Feverish activity before the start of the world-famous 500-mile race. The day started with fine?
Feverish activity before the start of the world-famous 500-mile race. The day started with fine weather and the tremendous crowd jamming the stands and overflowing into the infields were full of expectancy as the great cars prepared for the gruelling 200 laps around the two-and-a-half mile brick and assault track.
Cigar smoking Jimmy Bryan was the favoured driver - he was driving the car taken to victory last year by Sam Hanks.
Now the start...some confusion to begin with...the yellow flag showing for several laps until track officials got all the cars in order -- eleven rows of three cars each.
Away they went. Then suddenly...disaster in that first packed lap. Veteran Ed Elisian came into the northeast turn too fast. He spun in front of the field. Twelve cars piled into one another. And Pat O'Connor's speeding racer flipped in mid-air. It was a terrible scene.
The yellow flag went out at once...and the remaining cars were forced to hold their positions while the track was cleared or wrecks and debris. In the few tension-packed moments following the crash it was heard that Pat O'Connor was dead, killed instantly when his car turned over. But the race continued. And as the cars rounded that northeast turn, the grim reminders of that first-lap tragedy remained on the sidelines for all to see. O'Connor's car burned after the accident, but it too was cleared off the track-and Jimmy Bryan went on to wage a hot race with Tony Bettenhusen first, and then the rookie driver George Amick.

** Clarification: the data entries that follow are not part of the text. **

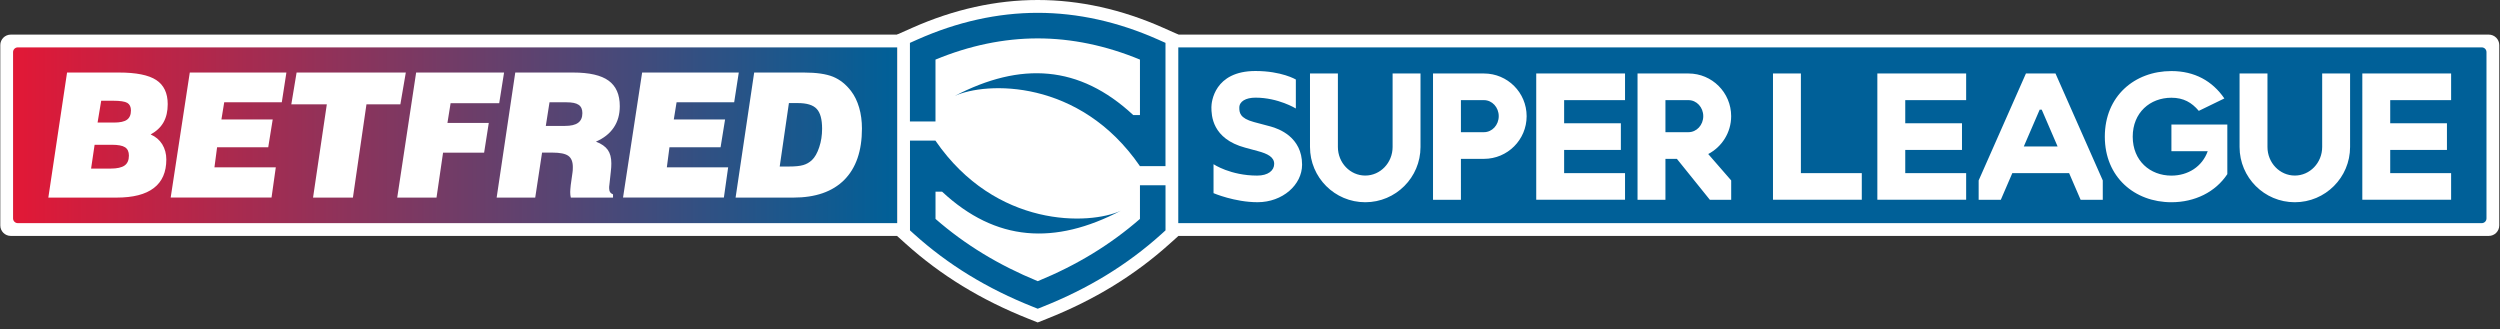 <?xml version="1.0" encoding="utf-8"?>
<!-- Generator: Adobe Illustrator 24.0.3, SVG Export Plug-In . SVG Version: 6.00 Build 0)  -->
<svg version="1.1" id="ARTWORK" xmlns="http://www.w3.org/2000/svg" xmlns:xlink="http://www.w3.org/1999/xlink" x="0px" y="0px"
	 viewBox="0 0 917.49 120.92" style="enable-background:new 0 0 917.49 120.92;" xml:space="preserve">
<rect x="0" y="0" width="917.49" height="120.92" fill="#333333" stroke="none"/>
<style type="text/css">
	.st0{fill:#006098;}
	.st1{fill:#FFFFFF;}
	.st2{fill:url(#SVGID_1_);}
</style>
<g>
	<rect x="431.06" y="15.56" class="st0" width="483.9" height="68.6"/>
	<path class="st1" d="M596.38,26.97v9.78h-22.35v8.5h20.82v9.78h-20.82v8.5h22.35v9.78h-32.59V26.97H596.38z M635.33,42.63
		c0-8.65-7.01-15.66-15.66-15.66h-18.7v46.35h10.24V58.3h4.2l12.1,15.02h7.83v-7.1l-8.43-9.69
		C631.91,53.91,635.33,48.67,635.33,42.63z M619.67,48.51h-8.46V36.75h8.46c2.99,0,5.42,2.63,5.42,5.88
		C625.09,45.88,622.66,48.51,619.67,48.51z M511.08,26.97h10.24c0,0,0,26.97,0,26.97c0,11.2-9.08,20.28-20.28,20.28
		c-11.2,0-20.28-9.08-20.28-20.28c0,0,0-26.97,0-26.97h10.24v26.97c0,5.8,4.49,10.49,10.04,10.49c5.54,0,10.04-4.7,10.04-10.49
		V26.97z M544.61,26.97h-18.7v46.35h10.24V58.3h8.46c8.65,0,15.66-7.01,15.66-15.66C560.27,33.98,553.26,26.97,544.61,26.97z
		 M544.61,48.51h-8.46V36.75h8.46c2.99,0,5.42,2.63,5.42,5.88C550.03,45.88,547.61,48.51,544.61,48.51z M477.86,60.44
		c0,7.4-7.17,13.77-16.34,13.77c-8.41,0-16.16-3.32-16.16-3.32V60.26c0,0,6.2,4.18,16.01,4.18c4.04,0,6.25-1.86,6.25-4.3
		s-2.28-3.72-6.14-4.73L457,54.2c-12.21-3.27-12.42-11.88-12.42-14.88c0-1.82,1.03-13.26,16.18-13.26c9.6,0,14.81,3.12,14.81,3.12
		v10.64c0,0-6.44-3.98-14.8-3.98c-3.59,0-5.95,1.39-5.95,3.66c0,1.78,0.16,3.89,5.36,5.29c0,0,1.91,0.5,6.16,1.64
		C469.28,47.24,477.86,50.27,477.86,60.44z M660.92,63.53h22.35v9.78h-32.59V26.97h10.24V63.53z M721.57,26.97v9.78h-22.35v8.5
		h20.82v9.78h-20.82v8.5h22.35v9.78h-32.59V26.97H721.57z M877.2,36.75v8.5h20.82v9.78H877.2v8.5h22.35v9.78h-32.59V26.97h32.59
		v9.78H877.2z M743.51,26.97l-17.35,39.25v7.1h8.13l4.22-9.78h20.85l4.22,9.78h8.13v-7.1l-17.35-39.25H743.51z M742.73,53.75
		l5.82-13.5h0.76l5.82,13.5H742.73z M796.9,45.7h20.52v18.21c-4.35,6.57-11.92,10.31-20.52,10.31c-13.5,0-24.44-9.19-24.44-24.07
		s10.94-24.07,24.44-24.07c8.49,0,15.05,3.64,19.43,10.05l-9.38,4.56c-2.6-3.09-5.63-4.82-10.05-4.82c-7.84,0-14.2,5.45-14.2,14.29
		s6.36,14.29,14.2,14.29c6.11,0,11.31-3.31,13.32-8.95H796.9V45.7z M852.23,26.97h10.24c0,0,0,26.97,0,26.97
		c0,11.2-9.08,20.28-20.28,20.28c-11.2,0-20.28-9.08-20.28-20.28c0,0,0-26.97,0-26.97h10.24v26.97c0,5.8,4.49,10.49,10.04,10.49
		c5.54,0,10.04-4.7,10.04-10.49V26.97z"/>
	
		<linearGradient id="SVGID_1_" gradientUnits="userSpaceOnUse" x1="117.531" y1="293.777" x2="118.635" y2="293.777" gradientTransform="matrix(293.971 0 0 -293.971 -34546.035 86411.539)">
		<stop  offset="0" style="stop-color:#E21836"/>
		<stop  offset="0.999" style="stop-color:#006098"/>
	</linearGradient>
	<rect x="4.8" y="15.15" class="st2" width="324.46" height="68.83"/>
	<path class="st1" d="M17.74,72.51l6.87-45.89h19.04c6.33,0,10.9,0.91,13.69,2.75c2.8,1.84,4.21,4.78,4.21,8.86
		c0,2.62-0.51,4.82-1.53,6.64c-1.01,1.81-2.6,3.3-4.73,4.48c1.83,0.79,3.24,1.99,4.25,3.6c0.99,1.63,1.5,3.48,1.5,5.58
		c0,4.64-1.53,8.14-4.59,10.48c-3.07,2.36-7.63,3.51-13.71,3.51H17.74z M33.43,61.87h7.18c2.34,0,4.05-0.38,5.11-1.13
		c1.06-0.74,1.59-1.97,1.59-3.63c0-1.43-0.47-2.44-1.41-3.06c-0.95-0.62-2.58-0.92-4.9-0.92h-6.28L33.43,61.87z M35.81,44.98h6.01
		c2.21,0,3.81-0.33,4.78-1.04c0.96-0.69,1.46-1.83,1.46-3.4c0-1.32-0.45-2.24-1.33-2.78c-0.88-0.52-2.63-0.79-5.23-0.79h-4.36
		L35.81,44.98z M99.65,72.51l1.57-11.11H78.7l0.97-7.36h18.77l1.64-10.2H81.26l1.03-6.31h21.13l1.69-10.92H69.65l-7.01,45.89H99.65z
		 M129.52,72.51l4.97-34.22h12.44l2-11.67h-40.08l-1.94,11.67h13.03l-5.05,34.22H129.52z M160.2,72.51l2.4-16.47h15.07l1.71-10.92
		h-15.17l1.16-7.25h17.84l1.78-11.24h-32.27l-6.94,45.89H160.2z M182.27,72.51l6.83-45.89h21.25c5.93,0,10.26,0.99,12.99,2.97
		c2.74,1.99,4.12,5.09,4.12,9.36c0,3.06-0.74,5.7-2.23,7.88c-1.49,2.2-3.66,3.91-6.52,5.15c2.04,0.77,3.48,1.81,4.35,3.03
		c0.87,1.23,1.3,2.87,1.3,4.93c0,0.44-0.01,0.9-0.04,1.4c-0.03,0.49-0.08,1-0.14,1.53l-0.5,4.66c-0.06,0.43-0.1,0.75-0.11,0.94
		c0,0.2-0.01,0.4-0.01,0.59c0,0.59,0.11,1.08,0.35,1.44c0.22,0.36,0.58,0.64,1.07,0.83v1.18h-15.49c-0.08-0.29-0.13-0.61-0.17-0.95
		c-0.02-0.34-0.05-0.71-0.05-1.11c0-0.26,0.03-0.6,0.05-1.03c0.03-0.41,0.08-0.91,0.14-1.49l0.65-4.62
		c0.04-0.27,0.07-0.56,0.09-0.83c0.02-0.3,0.03-0.69,0.03-1.18c0-1.96-0.55-3.33-1.67-4.12c-1.11-0.79-3.06-1.18-5.86-1.18h-3.76
		l-2.51,16.52H182.27z M200.31,46.21h7c2.2,0,3.81-0.37,4.85-1.14c1.05-0.76,1.57-1.95,1.57-3.57c0-1.39-0.45-2.42-1.37-3.03
		c-0.92-0.64-2.41-0.93-4.49-0.93h-6.2L200.31,46.21z M265.66,72.51l1.57-11.11h-22.5l0.96-7.36h18.76l1.65-10.2h-18.82l1.02-6.31
		h21.14l1.69-10.92h-35.47l-7.01,45.89H265.66z M269.96,72.51l6.82-45.89h18.25c4.61,0,8.17,0.52,10.71,1.55
		c2.54,1.05,4.75,2.81,6.64,5.3c1.27,1.67,2.24,3.68,2.93,6.04c0.68,2.35,1.02,4.91,1.02,7.67c0,8.2-2.16,14.48-6.48,18.83
		c-4.32,4.34-10.56,6.51-18.72,6.51H269.96z M286.15,61.11h3.38c2.31,0,4.07-0.18,5.24-0.53c1.2-0.34,2.26-0.95,3.18-1.8
		c1.09-1.02,2-2.62,2.7-4.74c0.71-2.11,1.06-4.39,1.06-6.8c0-3.45-0.66-5.89-2-7.3c-1.32-1.41-3.61-2.11-6.88-2.11h-3.3
		L286.15,61.11z"/>
	<path class="st1" d="M913.37,12.7H333.95h-10.3H3.96c-2.13,0-3.85,1.72-3.85,3.85v66.18c0,2.13,1.72,3.85,3.85,3.85h319.69h10.3
		h579.42c2.13,0,3.85-1.72,3.85-3.85V16.55C917.22,14.42,915.49,12.7,913.37,12.7z M912.53,80.16c0,0.95-0.77,1.73-1.73,1.73H323.65
		v0H6.53c-0.95,0-1.73-0.77-1.73-1.73V19.12c0-0.96,0.77-1.73,1.73-1.73h327.42v0H910.8c0.95,0,1.73,0.77,1.73,1.73V80.16z"/>
	<g>
		<path class="st1" d="M432.43,12.66l-5.57-2.48C411.65,3.43,396.16,0,380.84,0c-15.32,0-30.8,3.43-46.01,10.19l-5.57,2.48v73.96
			l3.1,2.79c12.91,11.62,27.63,20.62,45.02,27.54l3.46,1.38l3.46-1.38c17.35-6.89,32.07-15.9,45.01-27.53l3.11-2.79L432.43,12.66z"
			/>
		<path class="st0" d="M333.95,15.73l2.78-1.24c14.6-6.49,29.44-9.78,44.1-9.78c0,0,0,0,0.01,0c14.66,0,29.5,3.29,44.11,9.78
			l2.78,1.24v45.25h-0.04h-9.33h0v0c-22.11-32.19-56.56-31.07-68.05-25.73l0,0c24.28-12.68,45.82-11.42,65.59,6.98h2.46V21.87
			c-12.49-5.16-25.1-7.78-37.52-7.78c0,0,0,0-0.01,0c-12.42,0-25.02,2.62-37.51,7.78v22.7h-9.38V15.73z M426.19,85.95
			c-12.52,11.26-26.79,19.98-43.61,26.66l-1.73,0.69l-1.73-0.69c-16.86-6.7-31.13-15.43-43.61-26.66l-1.55-1.4V51.6h0h9.33h0.04
			v0.06c22.11,32.13,56.52,31,68.01,25.67l0,0c-24.28,12.68-45.82,11.42-65.59-6.98h-2.42v9.99c10.84,9.45,23.15,16.94,37.52,22.85
			c14.33-5.88,26.64-13.38,37.51-22.85l0-12.34l9.38,0l0,16.54L426.19,85.95z"/>
	</g>
</g>
</svg>

And then it was over...with Jimmy Bryan, of Phoenix, Arizona, the winner. A win that was to bring him more than 100,000 dollars prize money and endorsements throughout the year. Ed Ellison, whose out-of-control spin started the first-lap multiple crash, has been barred from racing, until he appeals to the racing board's governors.
Some are saying that it may well be that the speeds of modern cars have outgrown the old Indianapolis speedway.